There are more damaged O-rings at lower temperatures than higher ones.


b. Describe the key components of the summary table in words.

The data in the summary table tells us that with every one degree increase in temparature, there are 0.2162 fewer damaged O-rings. A temperature of 0 would result in 11.6630 damaged O-rings.

A p-value of less than 0.05 tells us that the relationship between temperature and damaged O-rings is statistically significant.


c. Write out the logistic model using the point estimates of the model parameters.

\(log_e(\frac{\hat{p}}{1-\hat{p}}) = 11.6630 - 0.2162 \times Temperature\)


d. Based on the model, do you think concerns regarding O-rings are justified?

Yes. The model suggests that there is a significant relationship between decreasing temperature and fewer damaged O-rings. Based on this result, it could be important to closely monitor the ambient temperature during a future launch to make sure it does not drop too low and damage the O-ring.
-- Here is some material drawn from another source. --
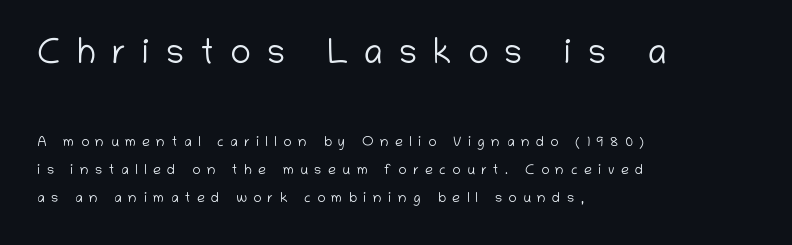
The face used here is rendered with a markedly widened letterfit. Looks like regular typesetting: each glyph gets only the width it needs. These lines are composed in type without serifs. The rendering anchors every line to the left-hand side. Is the stroke heavy? The answer is a plain regular-or-lighter.

8.18 | Challenger Disaster, Part II

a. Use the logistic model to calculate the probability that an O-ring will become damaged at each of the following ambient temperatures: 51, 52, and 55 degrees Fahrenheit.

The probability that an O-ring will become damaged…

  • At 51 degrees = 65.4%

  • At 53 degrees = 55.1%

  • At 55 degrees = 44.3%

p <- function(temp) {
  d <- 11.6630 - 0.2162 * temp
  phat <- exp(d) / (1 + exp(d))
  print(round(phat, 3))
}

p(51)
## [1] 0.654
p(53)
## [1] 0.551
p(55)
## [1] 0.443

b. Add the model-estimated probabilities from part (a) on the plot, then connect these dots using a smooth curve to represent the model-estimated probabilities.

The black line below represents the model-estimated probabilities for temperatures ranging from 51 to 81 degrees Fahrenheit.

prob_temp <- c(51:81)

prob <- data.frame(
  prob_temp
)

prob$prob_damage <- NA

for (i in 1:length(prob_temp)) {
  d <- 11.6630 - 0.2162 * prob_temp[i]
  phat <- round( exp(d) / (1 + exp(d)), 3 )
  prob$prob_damage[i] <- phat
}

head(prob,10) %>% 
      kable("html")     %>% 
      kable_styling(bootstrap_options = c("striped", "hover", "condensed", "responsive"))
prob_temp prob_damage
51 0.654
52 0.604
53 0.551
54 0.497
55 0.443
56 0.391
57 0.341
58 0.294
59 0.251
60 0.213
temp <- c(53,57,58,63,66,67,67,67,68,69,70,70,70,70,72,73,75,75,76,76,78,79,81)

damaged <- c(5,1,1,1,0,0,0,0,0,0,1,0,1,0,0,0,0,1,0,0,0,0,0)

undamaged <- c(1,5,5,5,6,6,6,6,6,6,5,6,5,6,6,6,6,5,6,6,6,6,6)

challenger <- data.frame(temp, damaged, undamaged) %>% 
  mutate(prob_damage = damaged / (damaged+undamaged)) %>% 
  select(temp, prob_damage)

ggplot(challenger, aes(x=temp, y=prob_damage)) +
  geom_point(col="#ADD8E6", size=3) +
  labs(x="Temperature (Fahrenheit)", y="Probability of damage") +
  geom_line(data=prob, aes(x=prob_temp, y=prob_damage))


c. Describe any concerns you may have regarding applying logistic regression in this application, and note any assumptions that are required to accept the model’s validity.

Logistic regression requires two conditions to be met:

Each predictor \(x_i\) is linearly related to logit \(p_i\), if all other predictors are held constant.

It is difficult to very that this condition is met with the small number of observations included in the dataset.

Each outcome \(Y_i\) is independent of other outcomes.

To verify this condition, we would need to plot the residuals in the order of their collection, and investigate other possibilities. Temperature may not be the only factor affecting O-ring damage, and the O-ring is not the only source of a space shuttle disaster.